## Try it
Transcribe the records word for word. Leave every picture out.

=== Records for this exercise ===

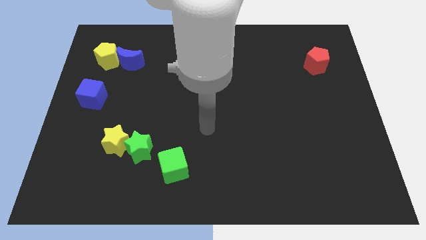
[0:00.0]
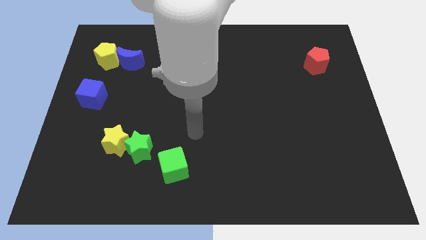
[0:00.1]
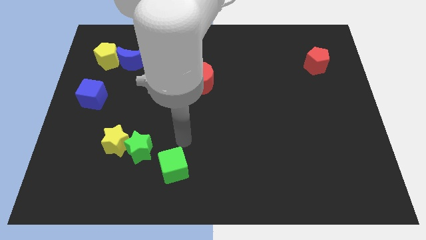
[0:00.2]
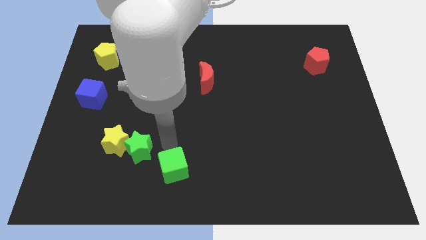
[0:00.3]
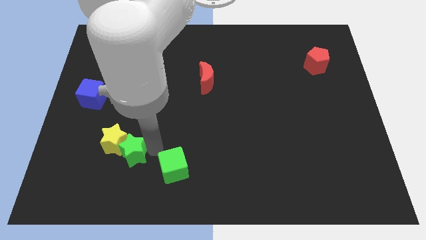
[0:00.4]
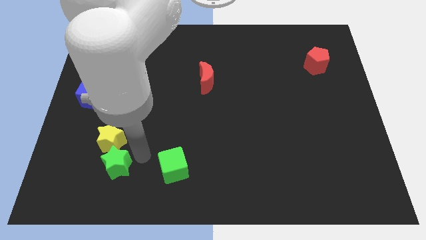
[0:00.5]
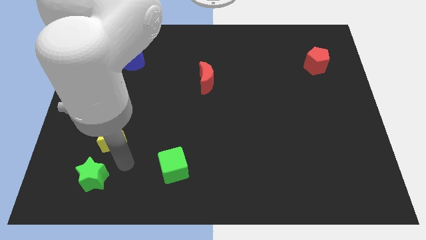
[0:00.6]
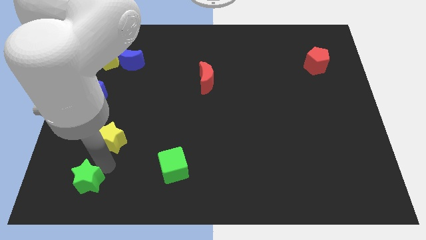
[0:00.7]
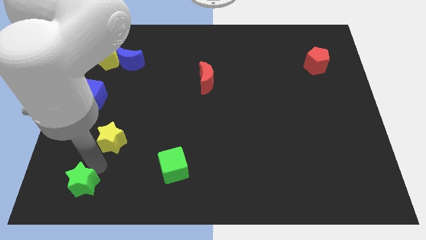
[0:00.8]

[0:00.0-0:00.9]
separate the yellow star from the green star

===

## Expected output
[0:00.0]
[0:00.1]
[0:00.2]
[0:00.3]
[0:00.4]
[0:00.5]
[0:00.6]
[0:00.7]
[0:00.8]

[0:00.0-0:00.9]
separate the yellow star from the green star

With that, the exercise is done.